• The task:
Search the entries for the word "ground" and copy each line that has it.

====

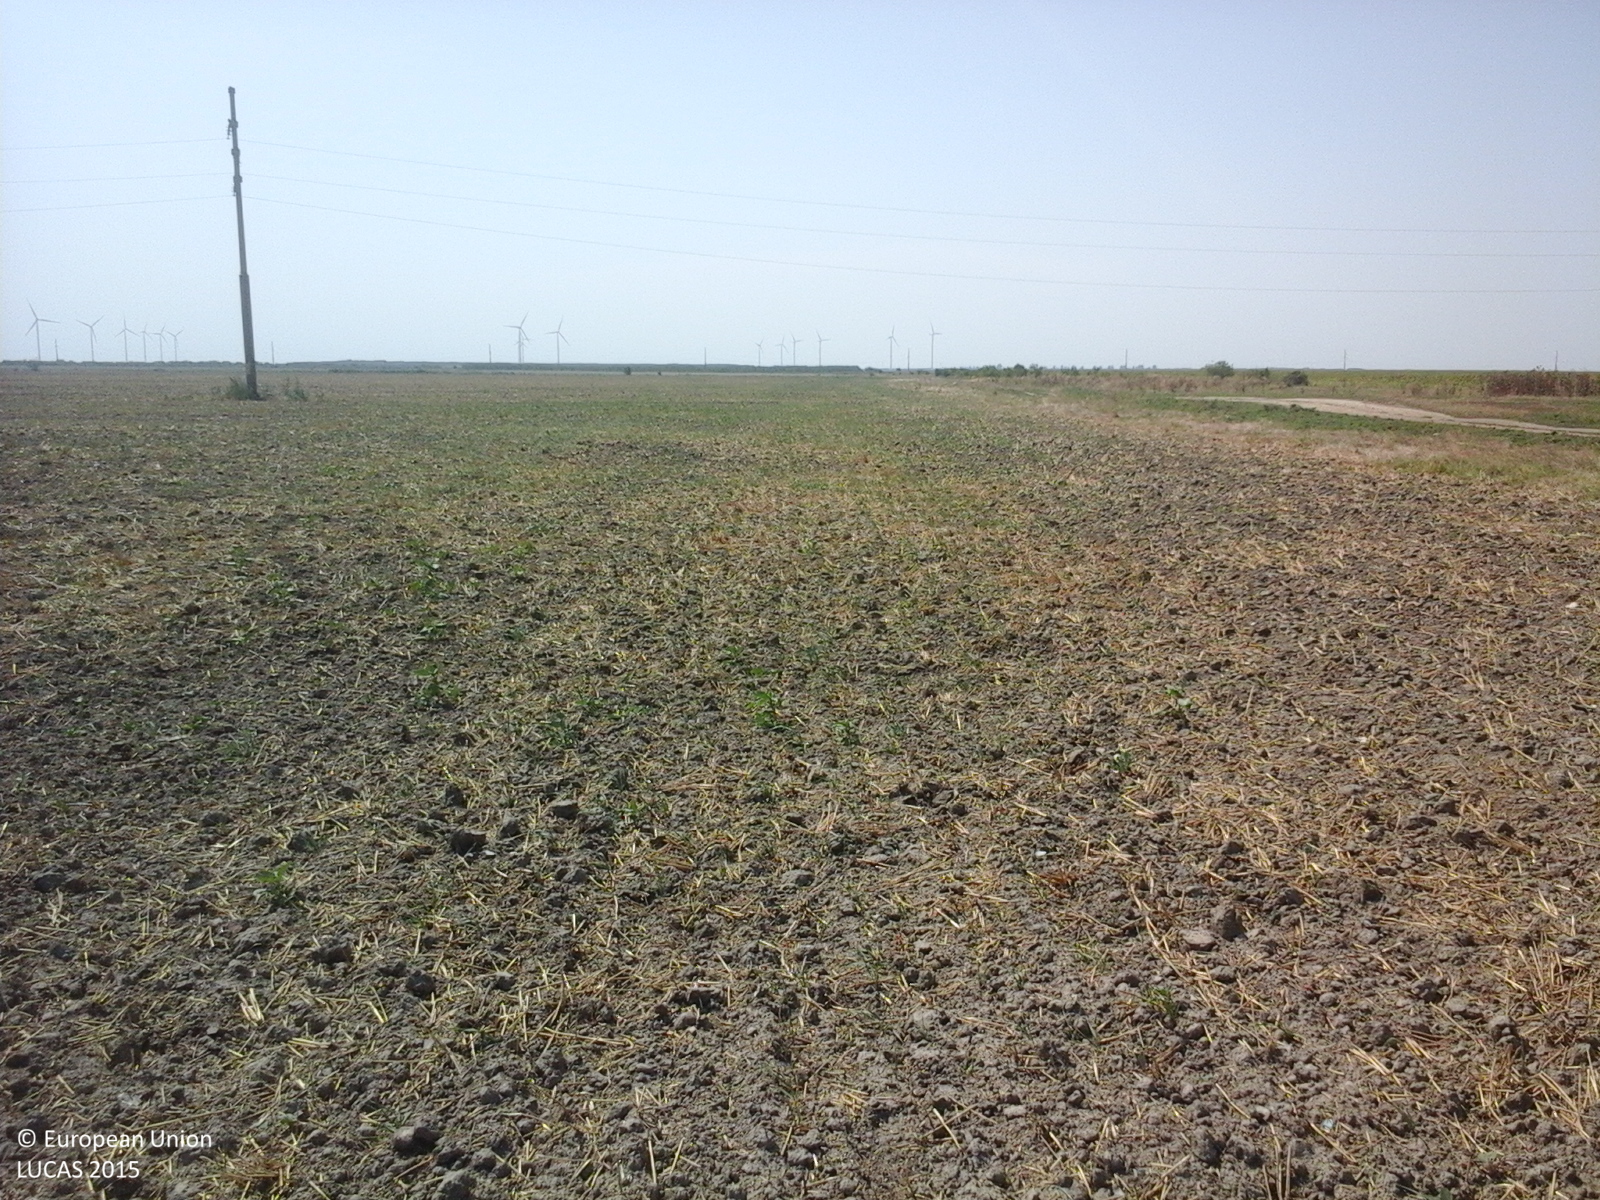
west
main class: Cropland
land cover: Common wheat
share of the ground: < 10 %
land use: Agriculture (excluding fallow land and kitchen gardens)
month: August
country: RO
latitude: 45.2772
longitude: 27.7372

====

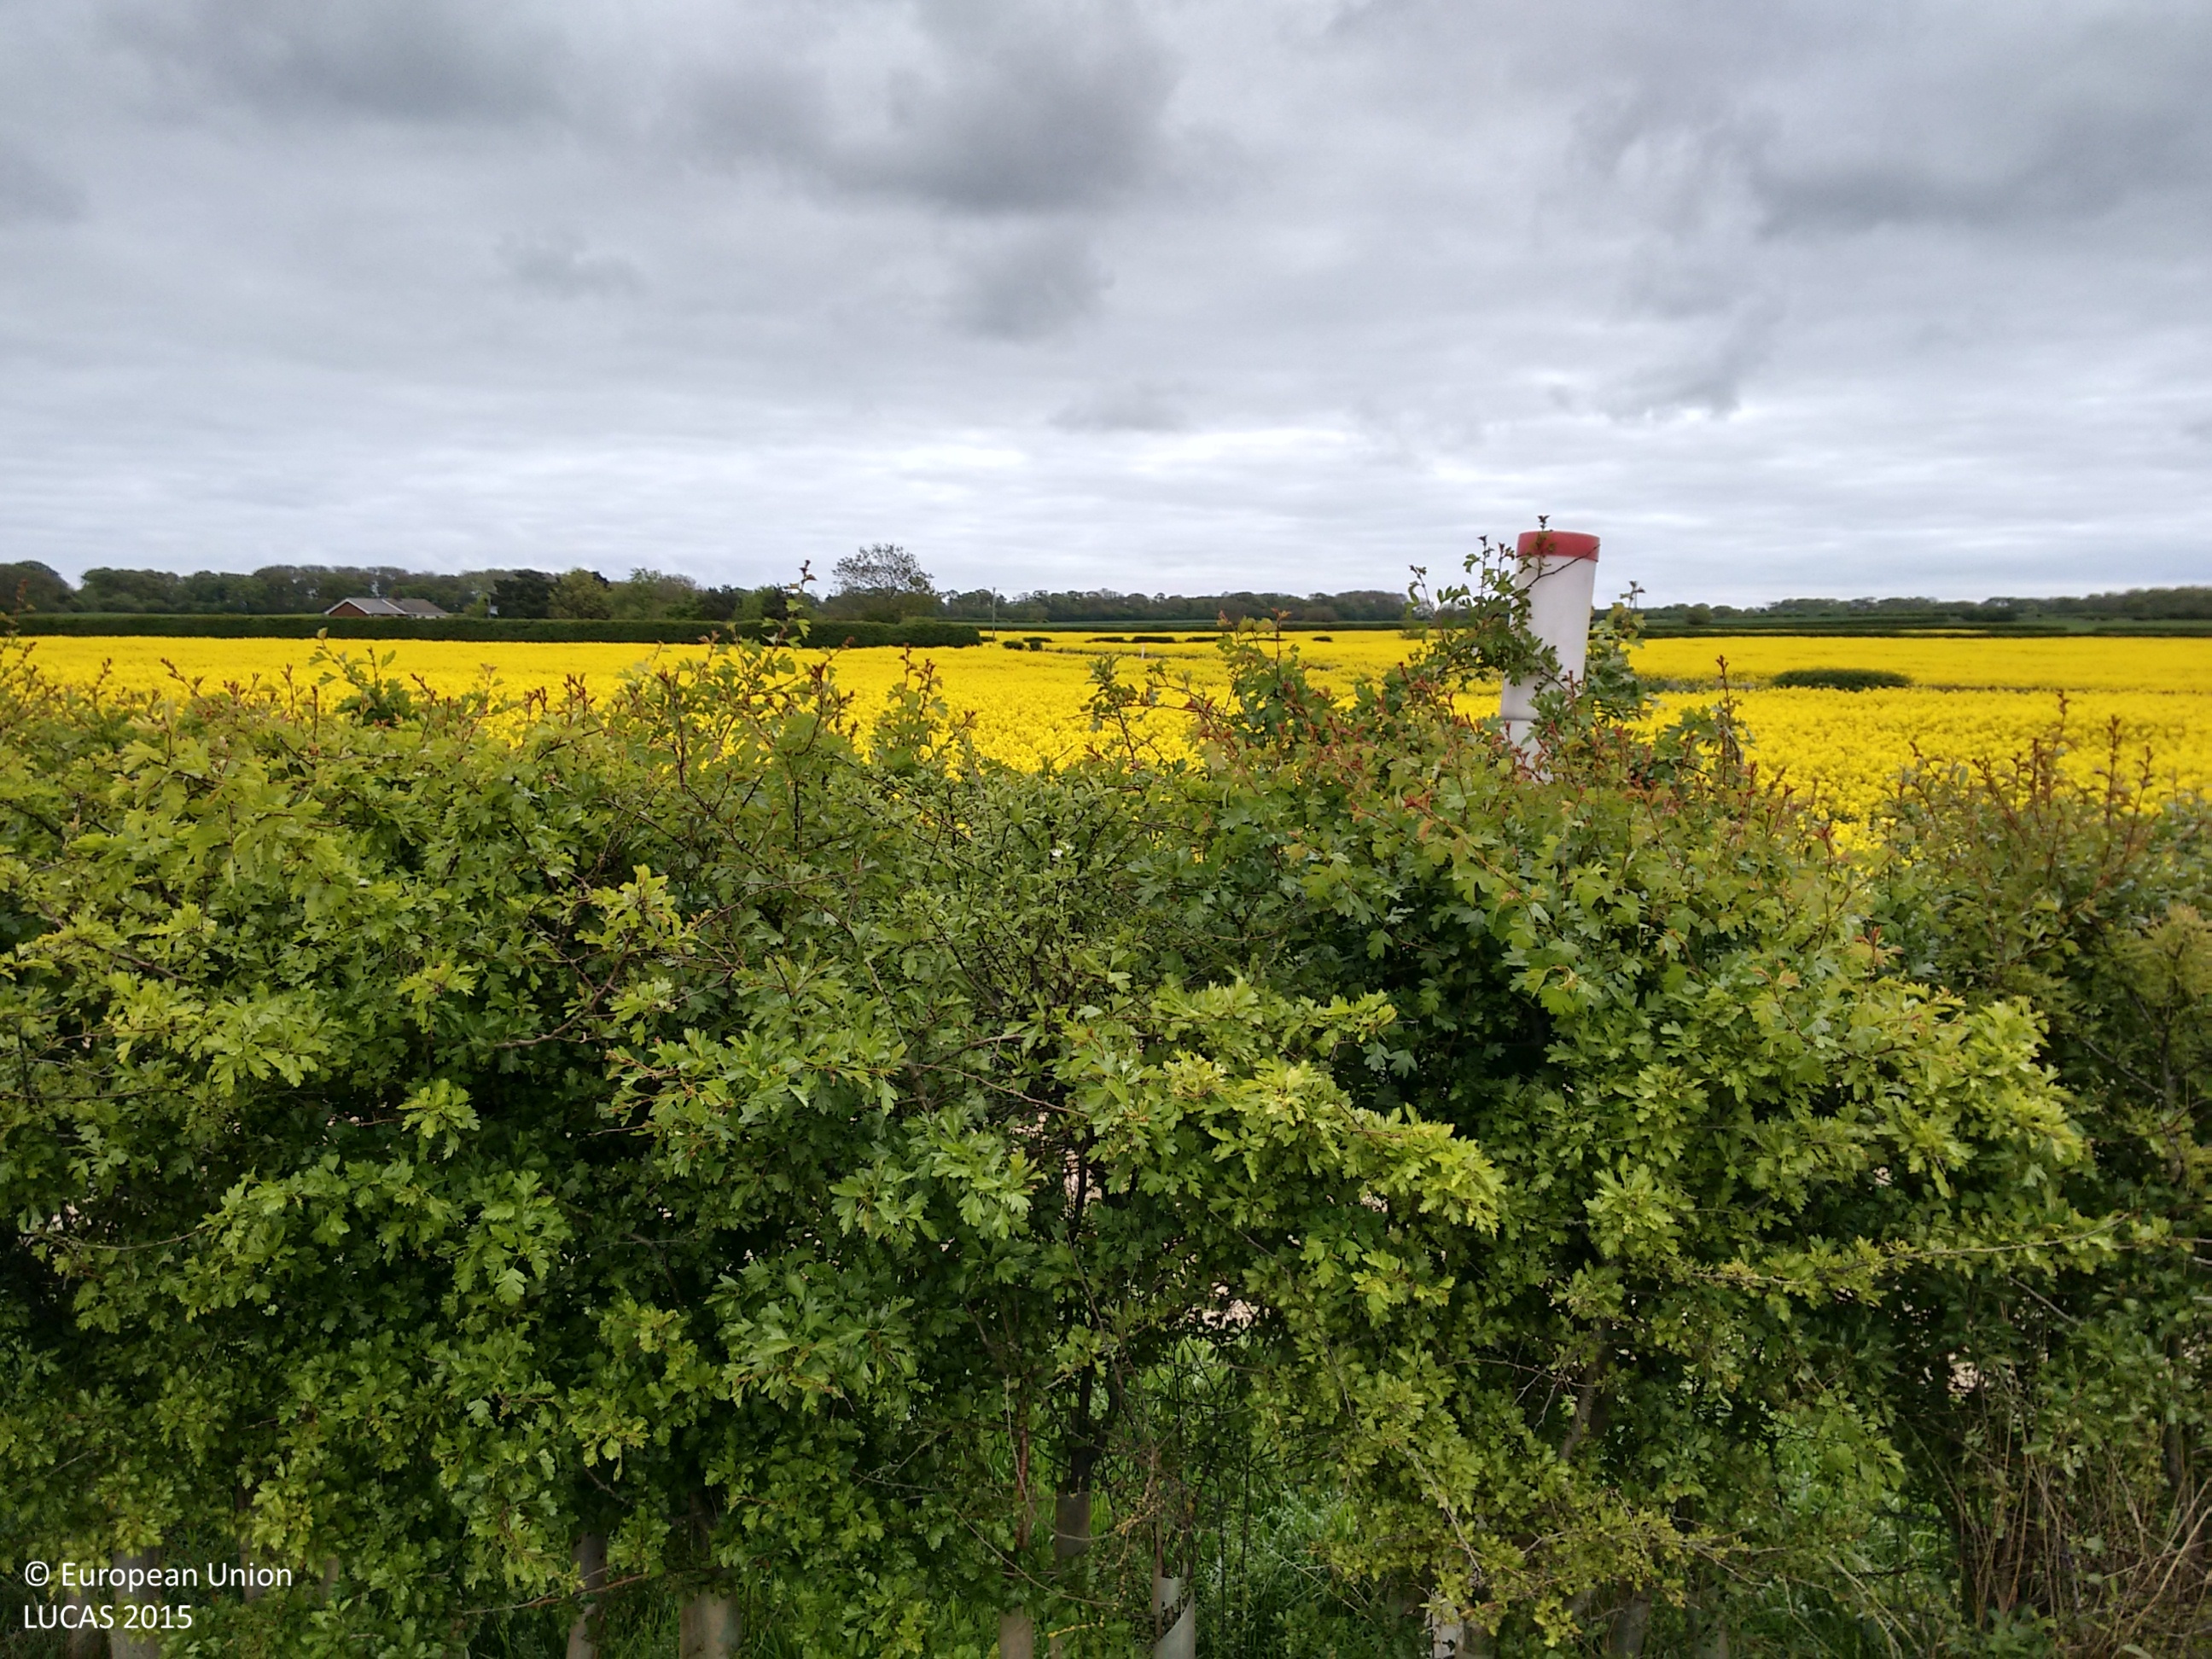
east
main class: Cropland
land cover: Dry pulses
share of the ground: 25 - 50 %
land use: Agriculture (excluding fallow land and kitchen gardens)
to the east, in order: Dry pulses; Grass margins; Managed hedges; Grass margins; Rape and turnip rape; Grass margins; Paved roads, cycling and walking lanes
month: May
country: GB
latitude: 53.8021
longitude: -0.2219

====

• Result:
share of the ground: < 10 %
share of the ground: 25 - 50 %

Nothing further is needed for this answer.